(Data excerpts)
+ + + + +

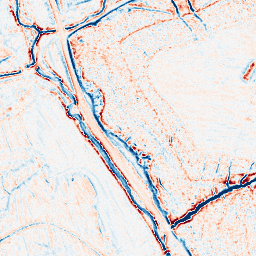
Category: edge_preserving
Decomposition family: bilateral
Decomposition parameters: d: 9
sigma_color: 75
sigma_space: 100
Upsampling method: quintic
Upsampling parameters: scale: 8
Upsampling scale: 8
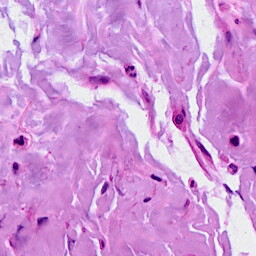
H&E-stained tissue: Breast
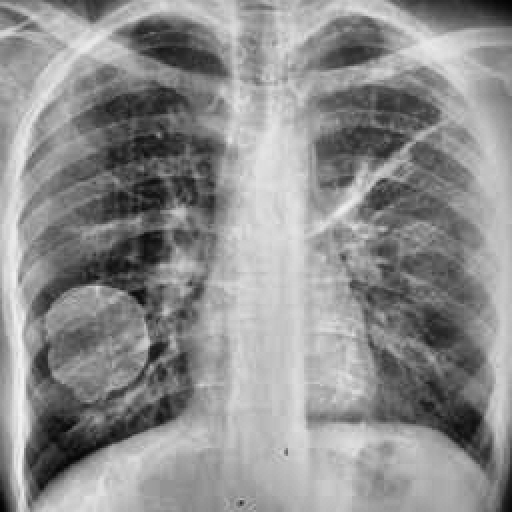
Finding: TUBERCULOSIS
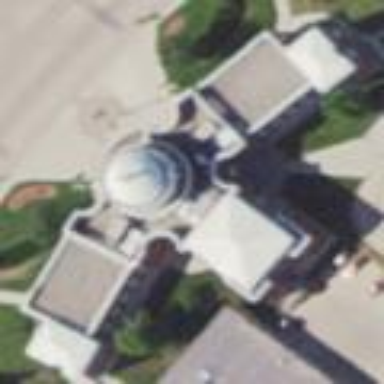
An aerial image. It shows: Government building.
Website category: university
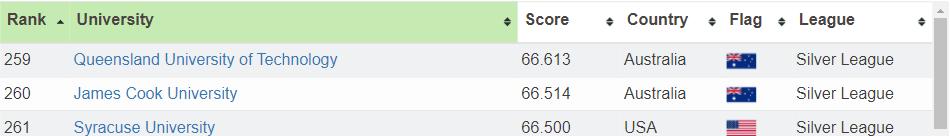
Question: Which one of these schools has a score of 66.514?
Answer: James Cook University

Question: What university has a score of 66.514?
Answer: James Cook University

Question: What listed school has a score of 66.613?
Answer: Queensland University of Technology

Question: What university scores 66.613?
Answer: Queensland University of Technology

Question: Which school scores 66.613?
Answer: Queensland University of Technology

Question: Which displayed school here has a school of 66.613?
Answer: Queensland University of Technology

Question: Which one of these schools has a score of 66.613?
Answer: Queensland University of Technology

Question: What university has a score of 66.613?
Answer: Queensland University of Technology

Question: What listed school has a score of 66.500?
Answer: Syracuse University

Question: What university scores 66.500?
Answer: Syracuse University

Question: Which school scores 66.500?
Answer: Syracuse University

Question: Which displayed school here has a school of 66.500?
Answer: Syracuse University

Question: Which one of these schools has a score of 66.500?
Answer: Syracuse University

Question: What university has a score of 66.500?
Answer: Syracuse University

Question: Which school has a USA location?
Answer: Syracuse University

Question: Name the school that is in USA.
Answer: Syracuse University

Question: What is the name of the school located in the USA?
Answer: Syracuse University

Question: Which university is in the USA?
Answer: Syracuse University

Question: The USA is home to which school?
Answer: Syracuse University

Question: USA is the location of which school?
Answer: Syracuse University
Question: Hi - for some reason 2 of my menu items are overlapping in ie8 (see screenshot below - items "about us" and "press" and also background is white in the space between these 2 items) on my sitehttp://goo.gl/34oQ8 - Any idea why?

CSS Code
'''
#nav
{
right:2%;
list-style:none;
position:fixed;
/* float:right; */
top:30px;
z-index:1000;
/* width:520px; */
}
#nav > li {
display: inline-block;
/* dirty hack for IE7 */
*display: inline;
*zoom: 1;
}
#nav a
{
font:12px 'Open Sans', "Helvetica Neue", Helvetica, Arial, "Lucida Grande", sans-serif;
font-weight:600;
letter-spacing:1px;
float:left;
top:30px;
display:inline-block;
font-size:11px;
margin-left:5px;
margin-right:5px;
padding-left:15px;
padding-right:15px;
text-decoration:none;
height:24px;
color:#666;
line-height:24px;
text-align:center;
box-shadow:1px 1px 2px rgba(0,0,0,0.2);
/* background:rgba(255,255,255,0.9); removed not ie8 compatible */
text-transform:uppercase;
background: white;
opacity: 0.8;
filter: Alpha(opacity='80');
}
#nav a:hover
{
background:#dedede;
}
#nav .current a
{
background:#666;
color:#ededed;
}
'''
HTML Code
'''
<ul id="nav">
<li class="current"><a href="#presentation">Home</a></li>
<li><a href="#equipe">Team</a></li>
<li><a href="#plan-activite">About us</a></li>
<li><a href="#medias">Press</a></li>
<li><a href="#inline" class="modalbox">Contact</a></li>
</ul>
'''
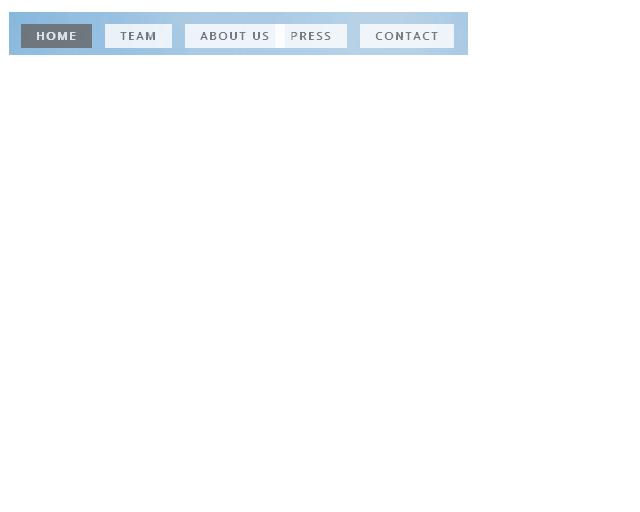
Answer: I don't think putting a margin on '<a>' elements will space out your '<li>''s which is what you want. Try adding margin-left and/or margin-right to 'nav li' instead
also, HTML5 includes a '<nav>' tag that would nicely replace your id="nav"
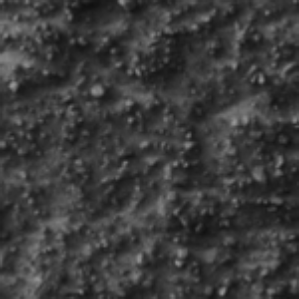
Label: frost
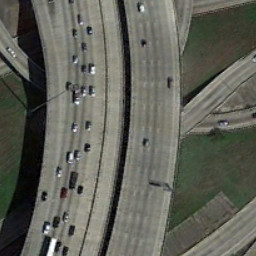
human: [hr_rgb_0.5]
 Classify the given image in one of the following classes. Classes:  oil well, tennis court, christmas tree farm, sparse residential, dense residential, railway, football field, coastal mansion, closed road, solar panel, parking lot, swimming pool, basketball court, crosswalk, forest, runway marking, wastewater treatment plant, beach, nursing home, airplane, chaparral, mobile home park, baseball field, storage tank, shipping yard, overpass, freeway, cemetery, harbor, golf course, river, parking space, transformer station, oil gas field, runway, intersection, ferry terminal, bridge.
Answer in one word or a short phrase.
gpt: overpass
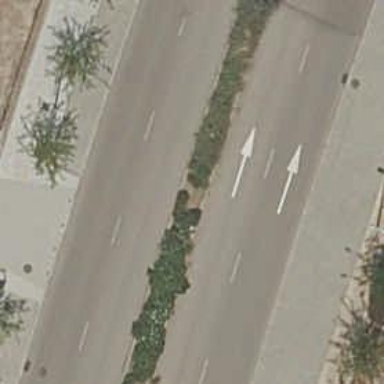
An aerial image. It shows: Hedge acting as barrier.

+ + + + +

→ WHAT IS REQUIRED: Count the lines in the entries above where the string "schools" shows up, and give that number only.

→ RESPONSE FOR THIS EXERCISE: 3